> DATA SUPPLIED:
◆ ◆ ◆ ◆ ◆ ◆ ◆
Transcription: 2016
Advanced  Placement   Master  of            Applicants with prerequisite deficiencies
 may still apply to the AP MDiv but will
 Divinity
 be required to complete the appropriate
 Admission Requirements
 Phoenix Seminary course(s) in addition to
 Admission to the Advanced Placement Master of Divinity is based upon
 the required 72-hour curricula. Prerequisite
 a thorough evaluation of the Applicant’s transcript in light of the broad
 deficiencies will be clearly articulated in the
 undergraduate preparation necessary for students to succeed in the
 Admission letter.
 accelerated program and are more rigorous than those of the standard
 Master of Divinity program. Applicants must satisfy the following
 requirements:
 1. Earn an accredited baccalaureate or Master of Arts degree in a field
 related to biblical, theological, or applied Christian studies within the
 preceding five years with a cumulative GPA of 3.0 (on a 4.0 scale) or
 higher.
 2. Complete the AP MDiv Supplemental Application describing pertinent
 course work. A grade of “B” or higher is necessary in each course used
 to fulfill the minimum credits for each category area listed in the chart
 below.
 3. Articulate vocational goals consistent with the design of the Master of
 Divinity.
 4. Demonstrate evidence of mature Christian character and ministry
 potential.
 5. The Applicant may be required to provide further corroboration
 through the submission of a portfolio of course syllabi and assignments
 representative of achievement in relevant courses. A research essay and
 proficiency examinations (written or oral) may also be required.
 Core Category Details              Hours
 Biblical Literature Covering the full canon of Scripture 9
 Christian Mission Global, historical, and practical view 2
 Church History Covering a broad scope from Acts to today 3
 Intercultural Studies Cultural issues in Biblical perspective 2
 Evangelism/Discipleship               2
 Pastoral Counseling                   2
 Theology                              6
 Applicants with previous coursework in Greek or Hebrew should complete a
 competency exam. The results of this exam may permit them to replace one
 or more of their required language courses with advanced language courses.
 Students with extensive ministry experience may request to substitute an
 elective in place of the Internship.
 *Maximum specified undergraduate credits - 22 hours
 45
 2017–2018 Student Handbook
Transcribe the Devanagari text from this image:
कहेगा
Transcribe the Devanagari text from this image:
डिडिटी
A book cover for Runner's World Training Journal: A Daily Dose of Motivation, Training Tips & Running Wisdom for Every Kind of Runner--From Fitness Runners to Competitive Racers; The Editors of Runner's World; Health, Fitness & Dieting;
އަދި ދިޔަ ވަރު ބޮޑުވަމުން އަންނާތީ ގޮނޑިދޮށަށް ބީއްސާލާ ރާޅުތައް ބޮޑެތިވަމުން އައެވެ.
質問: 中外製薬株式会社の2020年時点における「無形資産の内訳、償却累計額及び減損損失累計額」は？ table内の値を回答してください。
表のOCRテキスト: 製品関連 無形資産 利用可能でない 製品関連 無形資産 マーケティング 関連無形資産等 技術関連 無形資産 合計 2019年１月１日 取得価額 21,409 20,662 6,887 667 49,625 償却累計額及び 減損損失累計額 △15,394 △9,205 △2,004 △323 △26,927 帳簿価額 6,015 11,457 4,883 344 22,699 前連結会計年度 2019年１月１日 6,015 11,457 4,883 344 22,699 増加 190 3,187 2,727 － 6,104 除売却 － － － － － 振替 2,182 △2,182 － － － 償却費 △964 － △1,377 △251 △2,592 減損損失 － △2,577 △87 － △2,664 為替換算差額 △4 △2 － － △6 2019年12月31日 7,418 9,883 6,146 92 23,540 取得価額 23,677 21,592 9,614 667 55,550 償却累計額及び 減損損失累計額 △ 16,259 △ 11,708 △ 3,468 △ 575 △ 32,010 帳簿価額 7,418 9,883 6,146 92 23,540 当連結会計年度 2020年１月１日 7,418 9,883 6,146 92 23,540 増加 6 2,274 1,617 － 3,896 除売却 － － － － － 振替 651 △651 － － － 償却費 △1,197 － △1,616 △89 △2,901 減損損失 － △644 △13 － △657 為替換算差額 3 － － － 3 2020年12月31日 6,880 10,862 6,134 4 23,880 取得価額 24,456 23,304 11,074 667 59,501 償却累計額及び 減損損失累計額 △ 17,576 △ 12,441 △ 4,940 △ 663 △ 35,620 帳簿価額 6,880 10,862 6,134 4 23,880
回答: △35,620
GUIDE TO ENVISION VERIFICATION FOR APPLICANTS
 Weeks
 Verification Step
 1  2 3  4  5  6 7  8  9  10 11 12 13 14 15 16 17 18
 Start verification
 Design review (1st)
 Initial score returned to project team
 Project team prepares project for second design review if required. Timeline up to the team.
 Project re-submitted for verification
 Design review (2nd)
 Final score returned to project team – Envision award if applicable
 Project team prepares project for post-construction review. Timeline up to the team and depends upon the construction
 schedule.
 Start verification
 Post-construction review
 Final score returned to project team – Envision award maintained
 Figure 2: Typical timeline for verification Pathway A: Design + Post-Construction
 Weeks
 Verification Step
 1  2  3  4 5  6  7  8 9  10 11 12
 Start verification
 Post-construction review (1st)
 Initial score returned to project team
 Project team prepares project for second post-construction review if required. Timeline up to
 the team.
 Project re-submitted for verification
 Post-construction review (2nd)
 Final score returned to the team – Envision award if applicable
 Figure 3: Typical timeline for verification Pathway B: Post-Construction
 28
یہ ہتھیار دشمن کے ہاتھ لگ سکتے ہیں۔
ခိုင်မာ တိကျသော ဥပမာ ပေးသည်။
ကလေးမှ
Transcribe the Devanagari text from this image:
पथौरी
◆ ◆ ◆ ◆ ◆ ◆ ◆
> EXERCISE DESCRIPTION:
Everything from the first line of the records through the line holding "2. Complete the" is to be transcribed exactly; leave out all other lines.

> RESPONSE TO THE TASK:
Transcription: 2016
Advanced  Placement   Master  of            Applicants with prerequisite deficiencies
 may still apply to the AP MDiv but will
 Divinity
 be required to complete the appropriate
 Admission Requirements
 Phoenix Seminary course(s) in addition to
 Admission to the Advanced Placement Master of Divinity is based upon
 the required 72-hour curricula. Prerequisite
 a thorough evaluation of the Applicant’s transcript in light of the broad
 deficiencies will be clearly articulated in the
 undergraduate preparation necessary for students to succeed in the
 Admission letter.
 accelerated program and are more rigorous than those of the standard
 Master of Divinity program. Applicants must satisfy the following
 requirements:
 1. Earn an accredited baccalaureate or Master of Arts degree in a field
 related to biblical, theological, or applied Christian studies within the
 preceding five years with a cumulative GPA of 3.0 (on a 4.0 scale) or
 higher.
 2. Complete the AP MDiv Supplemental Application describing pertinent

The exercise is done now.